__HOW TO COMPLETE THIS TASK__. Give back exactly the lines of the entries below from the line with "Q: How is the" to the line with "Q: Monospaced? A: No.", inclusive, and only those.

__STUDY MATERIAL__.
┌──
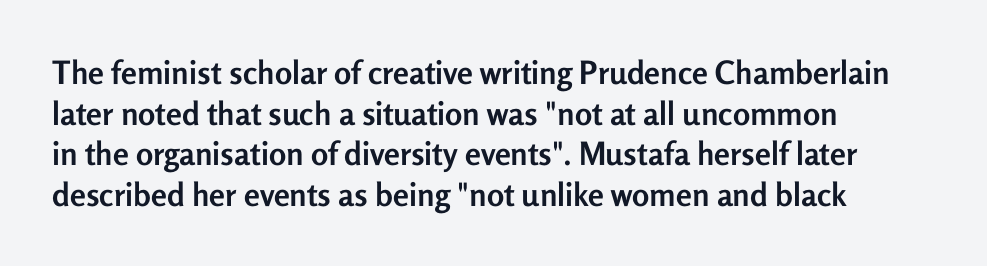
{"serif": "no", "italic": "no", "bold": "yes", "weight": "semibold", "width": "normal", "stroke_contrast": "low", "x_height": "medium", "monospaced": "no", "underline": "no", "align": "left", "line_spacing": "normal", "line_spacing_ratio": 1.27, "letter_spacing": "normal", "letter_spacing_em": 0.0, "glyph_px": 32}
└──
┌──
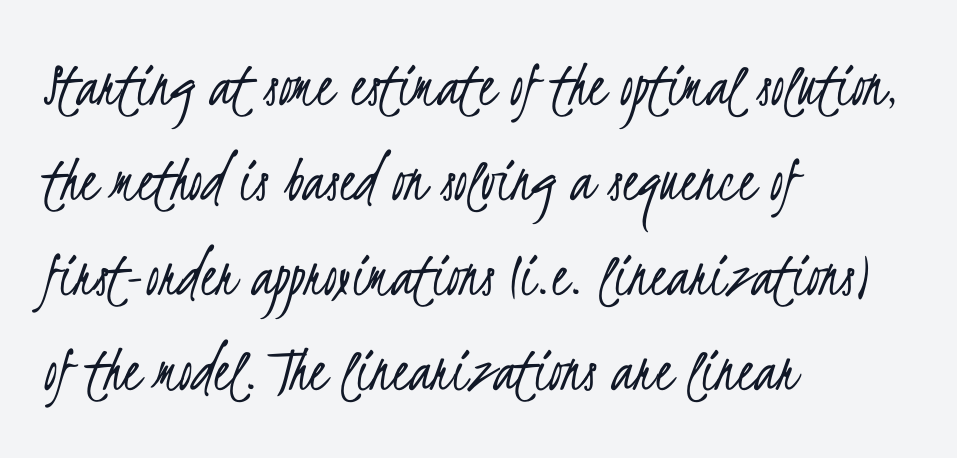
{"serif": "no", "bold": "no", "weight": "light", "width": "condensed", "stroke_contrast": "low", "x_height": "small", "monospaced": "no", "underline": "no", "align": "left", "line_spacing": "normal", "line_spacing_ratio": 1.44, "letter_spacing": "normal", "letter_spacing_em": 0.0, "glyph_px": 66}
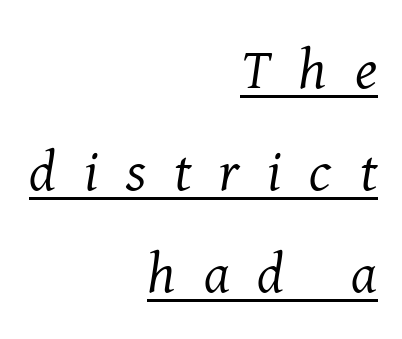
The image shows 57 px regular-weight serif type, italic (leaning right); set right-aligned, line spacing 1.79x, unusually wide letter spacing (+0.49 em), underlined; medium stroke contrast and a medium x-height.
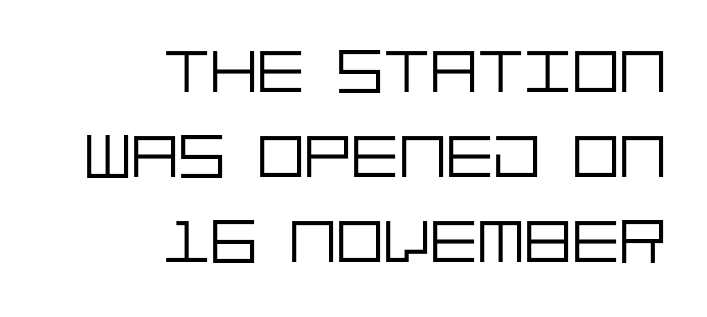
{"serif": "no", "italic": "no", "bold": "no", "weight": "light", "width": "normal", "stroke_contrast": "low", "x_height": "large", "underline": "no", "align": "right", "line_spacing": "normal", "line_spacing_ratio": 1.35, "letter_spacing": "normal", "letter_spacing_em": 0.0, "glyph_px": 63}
└──
┌──
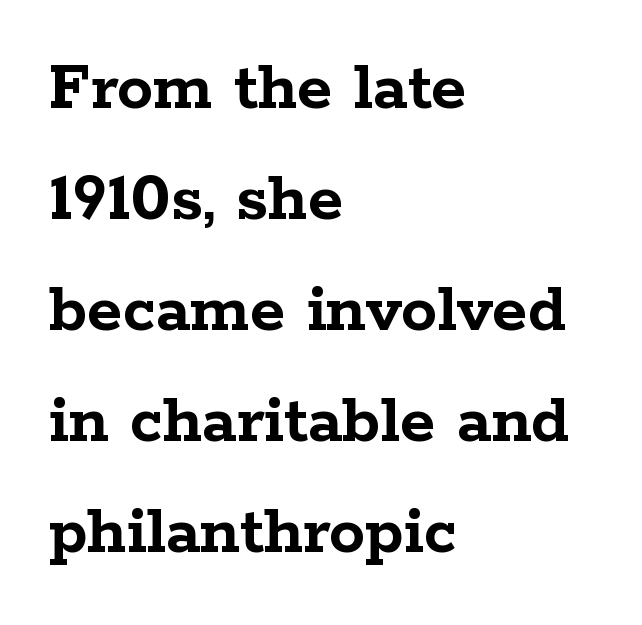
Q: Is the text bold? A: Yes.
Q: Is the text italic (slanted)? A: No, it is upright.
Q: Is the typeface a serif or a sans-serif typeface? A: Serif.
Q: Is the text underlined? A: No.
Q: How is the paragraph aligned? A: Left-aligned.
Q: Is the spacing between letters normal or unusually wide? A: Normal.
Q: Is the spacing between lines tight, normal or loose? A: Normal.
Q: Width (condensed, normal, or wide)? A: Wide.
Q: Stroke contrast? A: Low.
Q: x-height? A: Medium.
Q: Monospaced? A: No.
└──
__YOUR RESPONSE__.
Q: How is the paragraph aligned? A: Left-aligned.
Q: Is the spacing between letters normal or unusually wide? A: Normal.
Q: Is the spacing between lines tight, normal or loose? A: Normal.
Q: Width (condensed, normal, or wide)? A: Wide.
Q: Stroke contrast? A: Low.
Q: x-height? A: Medium.
Q: Monospaced? A: No.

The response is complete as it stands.